Print nothing but the lines below starting at the line that holds "མཆོད་རོལ། བཤགས་པ་ལ། རྡོར་" and ending at the line that holds "ཁྱོད་རྩ་ཉོན་ཡིན་པའི་ཕྱིར། ཁྱབ་སྟེ། ཀུན་བཏུས་ལས།", including both, each exactly as written.
--- Supplied material Enclosed Below ---
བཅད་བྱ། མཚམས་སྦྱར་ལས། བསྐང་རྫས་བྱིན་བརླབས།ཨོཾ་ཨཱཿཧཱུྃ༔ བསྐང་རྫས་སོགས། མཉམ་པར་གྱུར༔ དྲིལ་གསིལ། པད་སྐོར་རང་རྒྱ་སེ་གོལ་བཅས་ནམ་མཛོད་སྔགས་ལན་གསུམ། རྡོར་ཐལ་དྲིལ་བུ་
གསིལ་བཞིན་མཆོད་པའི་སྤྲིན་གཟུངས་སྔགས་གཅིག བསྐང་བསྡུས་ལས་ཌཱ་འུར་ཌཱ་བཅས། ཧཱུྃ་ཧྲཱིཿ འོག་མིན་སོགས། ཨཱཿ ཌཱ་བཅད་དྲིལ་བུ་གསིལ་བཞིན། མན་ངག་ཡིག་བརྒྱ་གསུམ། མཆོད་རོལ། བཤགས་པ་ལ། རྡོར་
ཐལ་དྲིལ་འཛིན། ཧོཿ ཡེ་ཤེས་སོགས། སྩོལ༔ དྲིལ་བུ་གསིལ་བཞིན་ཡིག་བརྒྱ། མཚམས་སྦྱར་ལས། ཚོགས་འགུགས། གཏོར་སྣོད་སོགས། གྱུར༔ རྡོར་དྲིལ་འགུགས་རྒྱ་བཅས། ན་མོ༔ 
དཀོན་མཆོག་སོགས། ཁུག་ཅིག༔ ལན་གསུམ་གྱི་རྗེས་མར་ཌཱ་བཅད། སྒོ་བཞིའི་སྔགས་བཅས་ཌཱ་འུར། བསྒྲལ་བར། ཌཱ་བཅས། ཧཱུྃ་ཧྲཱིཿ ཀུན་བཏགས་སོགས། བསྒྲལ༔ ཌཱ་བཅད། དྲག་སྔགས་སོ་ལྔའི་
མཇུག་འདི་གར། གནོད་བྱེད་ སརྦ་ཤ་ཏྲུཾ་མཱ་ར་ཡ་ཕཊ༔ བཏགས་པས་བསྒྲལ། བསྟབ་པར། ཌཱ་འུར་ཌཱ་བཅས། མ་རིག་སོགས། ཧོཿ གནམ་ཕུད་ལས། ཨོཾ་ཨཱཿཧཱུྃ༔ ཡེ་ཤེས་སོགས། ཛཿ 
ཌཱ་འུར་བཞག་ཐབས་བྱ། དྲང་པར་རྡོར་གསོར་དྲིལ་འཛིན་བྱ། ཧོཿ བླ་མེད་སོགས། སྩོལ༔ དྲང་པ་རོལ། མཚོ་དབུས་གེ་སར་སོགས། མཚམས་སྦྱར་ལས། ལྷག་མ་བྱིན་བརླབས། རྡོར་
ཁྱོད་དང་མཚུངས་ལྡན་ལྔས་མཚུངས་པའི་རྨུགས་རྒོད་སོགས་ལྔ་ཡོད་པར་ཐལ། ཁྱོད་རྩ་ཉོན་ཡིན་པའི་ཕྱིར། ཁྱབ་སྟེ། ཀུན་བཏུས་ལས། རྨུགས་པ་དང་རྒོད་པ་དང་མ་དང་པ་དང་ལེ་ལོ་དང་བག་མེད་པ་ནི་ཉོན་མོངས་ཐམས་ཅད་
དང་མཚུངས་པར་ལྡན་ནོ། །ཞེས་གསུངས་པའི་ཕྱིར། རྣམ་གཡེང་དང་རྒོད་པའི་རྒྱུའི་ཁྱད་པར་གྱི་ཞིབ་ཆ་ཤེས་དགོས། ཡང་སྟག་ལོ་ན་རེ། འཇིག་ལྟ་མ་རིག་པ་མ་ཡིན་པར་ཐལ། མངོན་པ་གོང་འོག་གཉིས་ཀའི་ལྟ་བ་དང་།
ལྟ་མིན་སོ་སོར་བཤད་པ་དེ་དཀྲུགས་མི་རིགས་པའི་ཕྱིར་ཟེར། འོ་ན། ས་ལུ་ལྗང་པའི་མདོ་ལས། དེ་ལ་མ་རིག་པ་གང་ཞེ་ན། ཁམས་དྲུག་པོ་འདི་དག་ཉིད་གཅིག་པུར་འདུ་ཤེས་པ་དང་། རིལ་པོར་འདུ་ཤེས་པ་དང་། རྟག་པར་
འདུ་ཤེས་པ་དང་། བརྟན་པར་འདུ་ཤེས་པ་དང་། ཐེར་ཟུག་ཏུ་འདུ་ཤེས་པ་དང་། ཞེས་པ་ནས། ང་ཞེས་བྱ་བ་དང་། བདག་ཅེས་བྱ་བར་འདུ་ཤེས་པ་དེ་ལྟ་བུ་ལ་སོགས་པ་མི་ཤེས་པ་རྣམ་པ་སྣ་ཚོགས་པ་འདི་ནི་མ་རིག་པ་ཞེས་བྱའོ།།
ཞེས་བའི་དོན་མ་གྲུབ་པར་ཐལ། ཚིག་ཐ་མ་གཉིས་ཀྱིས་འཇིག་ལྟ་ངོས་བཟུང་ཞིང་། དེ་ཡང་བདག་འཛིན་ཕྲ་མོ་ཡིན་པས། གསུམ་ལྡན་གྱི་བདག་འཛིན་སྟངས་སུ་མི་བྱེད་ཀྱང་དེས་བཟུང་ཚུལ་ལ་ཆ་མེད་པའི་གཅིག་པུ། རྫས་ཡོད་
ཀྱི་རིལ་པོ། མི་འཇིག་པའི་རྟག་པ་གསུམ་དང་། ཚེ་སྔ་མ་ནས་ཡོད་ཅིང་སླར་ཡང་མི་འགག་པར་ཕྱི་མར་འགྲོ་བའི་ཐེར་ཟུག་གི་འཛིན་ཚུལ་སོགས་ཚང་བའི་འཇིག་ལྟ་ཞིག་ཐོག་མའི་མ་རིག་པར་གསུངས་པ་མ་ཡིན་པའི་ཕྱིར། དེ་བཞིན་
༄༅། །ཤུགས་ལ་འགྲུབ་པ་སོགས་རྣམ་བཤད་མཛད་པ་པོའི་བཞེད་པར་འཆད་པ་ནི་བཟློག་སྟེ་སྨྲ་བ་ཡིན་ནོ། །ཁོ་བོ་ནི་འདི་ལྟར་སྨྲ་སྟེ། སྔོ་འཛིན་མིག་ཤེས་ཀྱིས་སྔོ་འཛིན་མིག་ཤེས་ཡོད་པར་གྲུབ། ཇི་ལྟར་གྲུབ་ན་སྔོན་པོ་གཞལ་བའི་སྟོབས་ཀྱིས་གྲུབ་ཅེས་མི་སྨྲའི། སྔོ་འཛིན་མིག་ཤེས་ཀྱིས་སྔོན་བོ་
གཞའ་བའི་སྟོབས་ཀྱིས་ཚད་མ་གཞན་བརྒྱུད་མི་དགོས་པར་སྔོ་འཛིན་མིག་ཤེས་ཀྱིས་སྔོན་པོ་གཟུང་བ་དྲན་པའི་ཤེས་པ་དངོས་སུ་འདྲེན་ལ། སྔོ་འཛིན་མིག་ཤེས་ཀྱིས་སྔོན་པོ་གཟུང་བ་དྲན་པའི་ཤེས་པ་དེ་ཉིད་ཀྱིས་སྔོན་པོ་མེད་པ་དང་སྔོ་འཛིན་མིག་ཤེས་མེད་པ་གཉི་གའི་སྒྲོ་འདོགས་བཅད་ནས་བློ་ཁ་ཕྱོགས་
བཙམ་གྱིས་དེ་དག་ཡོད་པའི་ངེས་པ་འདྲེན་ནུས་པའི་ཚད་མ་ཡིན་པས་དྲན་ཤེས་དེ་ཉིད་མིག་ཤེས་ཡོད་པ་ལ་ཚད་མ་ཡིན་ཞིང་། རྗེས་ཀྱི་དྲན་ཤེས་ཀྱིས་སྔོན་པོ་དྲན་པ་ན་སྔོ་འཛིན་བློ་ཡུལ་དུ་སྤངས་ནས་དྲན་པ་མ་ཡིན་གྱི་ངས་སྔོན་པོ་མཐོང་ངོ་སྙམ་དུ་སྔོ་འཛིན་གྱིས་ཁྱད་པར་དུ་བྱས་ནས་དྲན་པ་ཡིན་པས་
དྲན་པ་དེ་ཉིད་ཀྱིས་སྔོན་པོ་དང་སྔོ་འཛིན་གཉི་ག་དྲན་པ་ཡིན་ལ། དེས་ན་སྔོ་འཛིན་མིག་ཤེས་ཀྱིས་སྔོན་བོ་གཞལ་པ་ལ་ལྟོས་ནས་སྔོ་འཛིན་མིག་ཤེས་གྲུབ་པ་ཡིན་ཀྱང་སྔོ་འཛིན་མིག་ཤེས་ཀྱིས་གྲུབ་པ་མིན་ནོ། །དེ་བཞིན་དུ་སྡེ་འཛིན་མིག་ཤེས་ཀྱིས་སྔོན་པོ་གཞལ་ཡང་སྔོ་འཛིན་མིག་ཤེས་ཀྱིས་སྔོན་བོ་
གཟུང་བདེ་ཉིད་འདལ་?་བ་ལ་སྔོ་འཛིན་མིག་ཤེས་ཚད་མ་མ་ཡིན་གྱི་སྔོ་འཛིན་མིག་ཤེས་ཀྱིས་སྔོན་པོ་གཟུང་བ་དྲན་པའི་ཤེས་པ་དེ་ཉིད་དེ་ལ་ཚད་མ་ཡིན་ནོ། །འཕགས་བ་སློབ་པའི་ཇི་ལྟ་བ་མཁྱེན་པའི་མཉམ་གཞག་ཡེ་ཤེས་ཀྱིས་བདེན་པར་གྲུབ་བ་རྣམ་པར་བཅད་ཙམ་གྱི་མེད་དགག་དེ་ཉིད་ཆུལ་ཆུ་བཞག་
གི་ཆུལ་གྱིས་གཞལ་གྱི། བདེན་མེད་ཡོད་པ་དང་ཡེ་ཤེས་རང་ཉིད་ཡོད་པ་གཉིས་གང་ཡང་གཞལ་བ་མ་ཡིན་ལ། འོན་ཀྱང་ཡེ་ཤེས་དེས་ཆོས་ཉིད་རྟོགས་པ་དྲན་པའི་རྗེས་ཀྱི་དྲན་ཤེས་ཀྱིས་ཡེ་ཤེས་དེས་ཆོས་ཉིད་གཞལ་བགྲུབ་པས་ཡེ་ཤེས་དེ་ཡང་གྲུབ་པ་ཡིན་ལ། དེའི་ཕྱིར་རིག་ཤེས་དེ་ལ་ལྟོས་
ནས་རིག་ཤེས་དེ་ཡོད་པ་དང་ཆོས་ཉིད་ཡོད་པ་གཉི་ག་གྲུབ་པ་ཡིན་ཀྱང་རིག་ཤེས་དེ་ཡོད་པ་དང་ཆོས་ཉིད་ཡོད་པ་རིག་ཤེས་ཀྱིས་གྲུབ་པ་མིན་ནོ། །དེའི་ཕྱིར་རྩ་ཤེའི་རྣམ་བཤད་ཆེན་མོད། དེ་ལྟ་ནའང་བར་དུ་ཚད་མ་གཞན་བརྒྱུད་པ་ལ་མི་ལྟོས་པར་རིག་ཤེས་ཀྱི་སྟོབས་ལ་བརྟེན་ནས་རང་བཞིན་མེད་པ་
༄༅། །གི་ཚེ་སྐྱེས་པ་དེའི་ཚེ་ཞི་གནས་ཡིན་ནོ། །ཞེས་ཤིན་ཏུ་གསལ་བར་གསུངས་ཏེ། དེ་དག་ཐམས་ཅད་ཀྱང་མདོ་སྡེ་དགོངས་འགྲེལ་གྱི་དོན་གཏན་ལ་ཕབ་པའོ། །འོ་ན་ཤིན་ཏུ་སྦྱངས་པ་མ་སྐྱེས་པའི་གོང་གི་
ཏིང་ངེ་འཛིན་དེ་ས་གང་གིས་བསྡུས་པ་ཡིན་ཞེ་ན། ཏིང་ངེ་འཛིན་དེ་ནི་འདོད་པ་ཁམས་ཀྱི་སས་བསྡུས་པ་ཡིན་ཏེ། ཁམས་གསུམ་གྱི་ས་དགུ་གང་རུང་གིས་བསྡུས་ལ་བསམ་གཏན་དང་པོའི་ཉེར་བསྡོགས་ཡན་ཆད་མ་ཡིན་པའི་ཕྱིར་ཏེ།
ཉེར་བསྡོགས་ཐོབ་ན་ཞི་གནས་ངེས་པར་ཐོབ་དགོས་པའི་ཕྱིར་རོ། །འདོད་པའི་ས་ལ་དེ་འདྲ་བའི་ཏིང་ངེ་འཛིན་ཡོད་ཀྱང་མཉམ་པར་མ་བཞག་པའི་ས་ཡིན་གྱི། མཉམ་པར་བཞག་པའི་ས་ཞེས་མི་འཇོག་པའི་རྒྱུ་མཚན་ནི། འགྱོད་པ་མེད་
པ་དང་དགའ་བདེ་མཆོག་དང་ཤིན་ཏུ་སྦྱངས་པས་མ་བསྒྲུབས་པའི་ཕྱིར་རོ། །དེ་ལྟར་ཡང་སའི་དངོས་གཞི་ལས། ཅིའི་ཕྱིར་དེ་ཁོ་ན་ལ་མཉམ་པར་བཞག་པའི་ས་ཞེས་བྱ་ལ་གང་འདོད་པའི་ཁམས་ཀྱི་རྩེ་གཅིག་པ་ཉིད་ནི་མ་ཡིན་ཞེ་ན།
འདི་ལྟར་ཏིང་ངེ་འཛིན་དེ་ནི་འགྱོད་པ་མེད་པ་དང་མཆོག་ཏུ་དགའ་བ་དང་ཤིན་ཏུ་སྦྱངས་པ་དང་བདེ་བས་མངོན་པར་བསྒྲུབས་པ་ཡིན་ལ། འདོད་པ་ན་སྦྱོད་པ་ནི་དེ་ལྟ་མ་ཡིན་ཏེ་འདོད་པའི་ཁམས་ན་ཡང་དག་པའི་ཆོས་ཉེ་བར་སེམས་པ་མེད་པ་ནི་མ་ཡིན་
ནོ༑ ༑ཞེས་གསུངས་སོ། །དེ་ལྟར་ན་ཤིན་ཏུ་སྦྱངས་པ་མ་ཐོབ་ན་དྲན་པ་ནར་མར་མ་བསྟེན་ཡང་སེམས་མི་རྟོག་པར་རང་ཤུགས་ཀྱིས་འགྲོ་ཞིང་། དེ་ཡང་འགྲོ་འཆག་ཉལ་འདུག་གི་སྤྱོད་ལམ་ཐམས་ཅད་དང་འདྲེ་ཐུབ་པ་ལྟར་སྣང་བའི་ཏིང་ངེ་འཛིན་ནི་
--- End of Enclosed Supplied material ---
**Response to this exercise:**
གསིལ་བཞིན་མཆོད་པའི་སྤྲིན་གཟུངས་སྔགས་གཅིག བསྐང་བསྡུས་ལས་ཌཱ་འུར་ཌཱ་བཅས། ཧཱུྃ་ཧྲཱིཿ འོག་མིན་སོགས། ཨཱཿ ཌཱ་བཅད་དྲིལ་བུ་གསིལ་བཞིན། མན་ངག་ཡིག་བརྒྱ་གསུམ། མཆོད་རོལ། བཤགས་པ་ལ། རྡོར་
ཐལ་དྲིལ་འཛིན། ཧོཿ ཡེ་ཤེས་སོགས། སྩོལ༔ དྲིལ་བུ་གསིལ་བཞིན་ཡིག་བརྒྱ། མཚམས་སྦྱར་ལས། ཚོགས་འགུགས། གཏོར་སྣོད་སོགས། གྱུར༔ རྡོར་དྲིལ་འགུགས་རྒྱ་བཅས། ན་མོ༔ 
དཀོན་མཆོག་སོགས། ཁུག་ཅིག༔ ལན་གསུམ་གྱི་རྗེས་མར་ཌཱ་བཅད། སྒོ་བཞིའི་སྔགས་བཅས་ཌཱ་འུར། བསྒྲལ་བར། ཌཱ་བཅས། ཧཱུྃ་ཧྲཱིཿ ཀུན་བཏགས་སོགས། བསྒྲལ༔ ཌཱ་བཅད། དྲག་སྔགས་སོ་ལྔའི་
མཇུག་འདི་གར། གནོད་བྱེད་ སརྦ་ཤ་ཏྲུཾ་མཱ་ར་ཡ་ཕཊ༔ བཏགས་པས་བསྒྲལ། བསྟབ་པར། ཌཱ་འུར་ཌཱ་བཅས། མ་རིག་སོགས། ཧོཿ གནམ་ཕུད་ལས། ཨོཾ་ཨཱཿཧཱུྃ༔ ཡེ་ཤེས་སོགས། ཛཿ 
ཌཱ་འུར་བཞག་ཐབས་བྱ། དྲང་པར་རྡོར་གསོར་དྲིལ་འཛིན་བྱ། ཧོཿ བླ་མེད་སོགས། སྩོལ༔ དྲང་པ་རོལ། མཚོ་དབུས་གེ་སར་སོགས། མཚམས་སྦྱར་ལས། ལྷག་མ་བྱིན་བརླབས། རྡོར་
ཁྱོད་དང་མཚུངས་ལྡན་ལྔས་མཚུངས་པའི་རྨུགས་རྒོད་སོགས་ལྔ་ཡོད་པར་ཐལ། ཁྱོད་རྩ་ཉོན་ཡིན་པའི་ཕྱིར། ཁྱབ་སྟེ། ཀུན་བཏུས་ལས། རྨུགས་པ་དང་རྒོད་པ་དང་མ་དང་པ་དང་ལེ་ལོ་དང་བག་མེད་པ་ནི་ཉོན་མོངས་ཐམས་ཅད་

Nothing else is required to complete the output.